## RECORDS FOR THE EXERCISE
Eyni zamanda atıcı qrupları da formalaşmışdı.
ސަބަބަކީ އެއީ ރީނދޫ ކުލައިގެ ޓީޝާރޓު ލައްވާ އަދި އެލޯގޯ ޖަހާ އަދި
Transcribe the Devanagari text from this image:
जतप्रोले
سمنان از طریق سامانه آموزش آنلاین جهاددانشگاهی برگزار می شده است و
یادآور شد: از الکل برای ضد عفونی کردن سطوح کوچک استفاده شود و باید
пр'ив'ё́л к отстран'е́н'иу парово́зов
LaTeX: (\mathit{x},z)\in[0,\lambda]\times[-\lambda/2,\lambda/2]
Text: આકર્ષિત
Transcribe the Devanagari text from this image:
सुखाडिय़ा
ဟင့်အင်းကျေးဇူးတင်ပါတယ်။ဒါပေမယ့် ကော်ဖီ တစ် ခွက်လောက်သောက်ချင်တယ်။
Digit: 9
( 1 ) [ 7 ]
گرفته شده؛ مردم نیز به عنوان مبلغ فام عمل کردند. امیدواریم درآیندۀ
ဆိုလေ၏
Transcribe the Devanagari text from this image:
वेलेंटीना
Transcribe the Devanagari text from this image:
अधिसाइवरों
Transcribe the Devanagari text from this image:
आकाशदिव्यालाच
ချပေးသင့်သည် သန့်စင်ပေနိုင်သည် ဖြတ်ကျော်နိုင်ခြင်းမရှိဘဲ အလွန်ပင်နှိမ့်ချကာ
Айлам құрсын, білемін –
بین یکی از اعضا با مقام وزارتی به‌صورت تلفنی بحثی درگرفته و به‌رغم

## DIRECTIONS FOR THIS TASK
Take the line that contains "Text: આકર્ષિત" and each line after it through the end of the records, and repeat them all exactly. Nothing else.

## TASK RESULT
Text: આકર્ષિત
Transcribe the Devanagari text from this image:
सुखाडिय़ा
ဟင့်အင်းကျေးဇူးတင်ပါတယ်။ဒါပေမယ့် ကော်ဖီ တစ် ခွက်လောက်သောက်ချင်တယ်။
Digit: 9
( 1 ) [ 7 ]
گرفته شده؛ مردم نیز به عنوان مبلغ فام عمل کردند. امیدواریم درآیندۀ
ဆိုလေ၏
Transcribe the Devanagari text from this image:
वेलेंटीना
Transcribe the Devanagari text from this image:
अधिसाइवरों
Transcribe the Devanagari text from this image:
आकाशदिव्यालाच
ချပေးသင့်သည် သန့်စင်ပေနိုင်သည် ဖြတ်ကျော်နိုင်ခြင်းမရှိဘဲ အလွန်ပင်နှိမ့်ချကာ
Айлам құрсын, білемін –
بین یکی از اعضا با مقام وزارتی به‌صورت تلفنی بحثی درگرفته و به‌رغم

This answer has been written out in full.